* _Task instructions_:
Each line from the one containing "Q: How is the" through the last line of the records below is to be repeated as written, with nothing added.

□ □ □ □ □ □ □

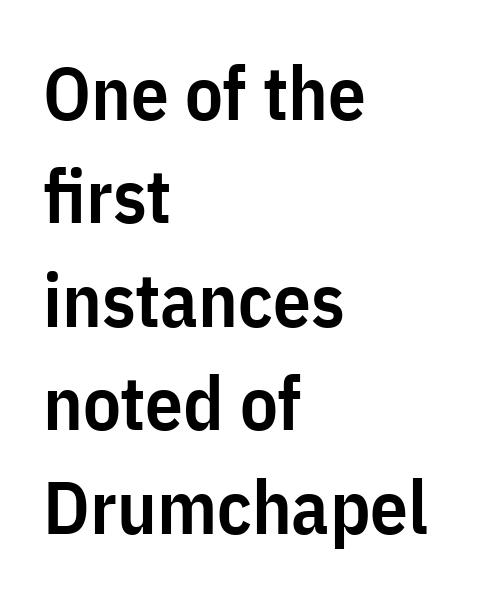
Q: Is the text bold? A: Semi-bold.
Q: Is the text italic (slanted)? A: No, it is upright.
Q: Is the typeface a serif or a sans-serif typeface? A: Sans-serif.
Q: Is the text underlined? A: No.
Q: How is the paragraph aligned? A: Left-aligned.
Q: Is the spacing between letters normal or unusually wide? A: Normal.
Q: Is the spacing between lines tight, normal or loose? A: Normal.
Q: Width (condensed, normal, or wide)? A: Condensed.
Q: Stroke contrast? A: Low.
Q: x-height? A: Medium.
Q: Monospaced? A: No.

□ □ □ □ □ □ □

* _Task output_:
Q: How is the paragraph aligned? A: Left-aligned.
Q: Is the spacing between letters normal or unusually wide? A: Normal.
Q: Is the spacing between lines tight, normal or loose? A: Normal.
Q: Width (condensed, normal, or wide)? A: Condensed.
Q: Stroke contrast? A: Low.
Q: x-height? A: Medium.
Q: Monospaced? A: No.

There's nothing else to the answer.